- **Exercise details**:
For the records shown below, return an exact copy that excludes the pictures.

- **Supplied data**:

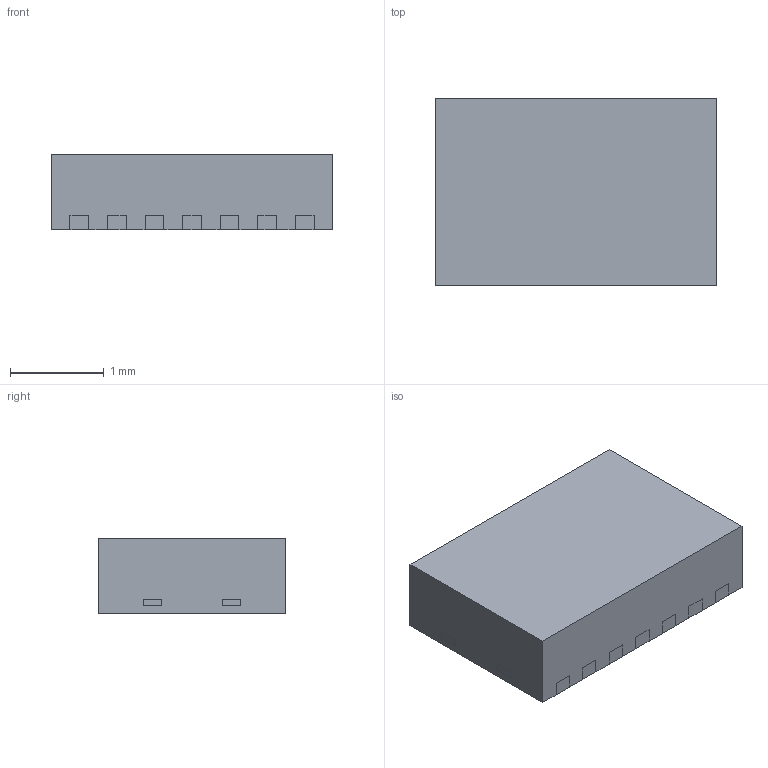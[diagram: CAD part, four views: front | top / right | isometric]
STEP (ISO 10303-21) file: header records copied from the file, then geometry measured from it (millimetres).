
FILE_DESCRIPTION(/* description */ ('Unknown'),/* implementation_level */ '2;1');
FILE_NAME(/* name */ 'DFN3020-14_STP',/* time_stamp */ '2020-09-30T15:07:47+08:00',/* author */ ('Unknown'),/* organization */ ('Unknown'),/* preprocessor_version */ 'ST-DEVELOPER v16.7',/* originating_system */ 'DEX',/* authorisation */ $);
FILE_SCHEMA (('AUTOMOTIVE_DESIGN {1 0 10303 214 3 1 1}'));
Length unit declared in the file: millimetre
Products named in the file (3): DFN3020-14; CPD; LDF
Assembly tree (2 placements, depth 2):
  DFN3020-14
    CPD
    LDF
Bounding box: 3 x 2 x 0.8 mm (x, y, z)
Volume: 4.8 mm3; surface area: 37.1 mm2
Topology: 12 solids, 12 shells, 311 faces, 864 edges, 576 vertices
Faces by surface type: plane 301, cylinder 10
Entity records: 10979 total; most frequent: CARTESIAN_POINT 1754, ORIENTED_EDGE 1728, DIRECTION 1512, EDGE_CURVE 864, LINE 844, VECTOR 844, VERTEX_POINT 576, AXIS2_PLACEMENT_3D 334

- **Exercise response**:
[diagram: CAD part, four views: front | top / right | isometric]
STEP (ISO 10303-21) file: header records copied from the file, then geometry measured from it (millimetres).
FILE_DESCRIPTION(/* description */ ('Unknown'),/* implementation_level */ '2;1');
FILE_NAME(/* name */ 'DFN3020-14_STP',/* time_stamp */ '2020-09-30T15:07:47+08:00',/* author */ ('Unknown'),/* organization */ ('Unknown'),/* preprocessor_version */ 'ST-DEVELOPER v16.7',/* originating_system */ 'DEX',/* authorisation */ $);
FILE_SCHEMA (('AUTOMOTIVE_DESIGN {1 0 10303 214 3 1 1}'));
Length unit declared in the file: millimetre
Products named in the file (3): DFN3020-14; CPD; LDF
Assembly tree (2 placements, depth 2):
  DFN3020-14
    CPD
    LDF
Bounding box: 3 x 2 x 0.8 mm (x, y, z)
Volume: 4.8 mm3; surface area: 37.1 mm2
Topology: 12 solids, 12 shells, 311 faces, 864 edges, 576 vertices
Faces by surface type: plane 301, cylinder 10
Entity records: 10979 total; most frequent: CARTESIAN_POINT 1754, ORIENTED_EDGE 1728, DIRECTION 1512, EDGE_CURVE 864, LINE 844, VECTOR 844, VERTEX_POINT 576, AXIS2_PLACEMENT_3D 334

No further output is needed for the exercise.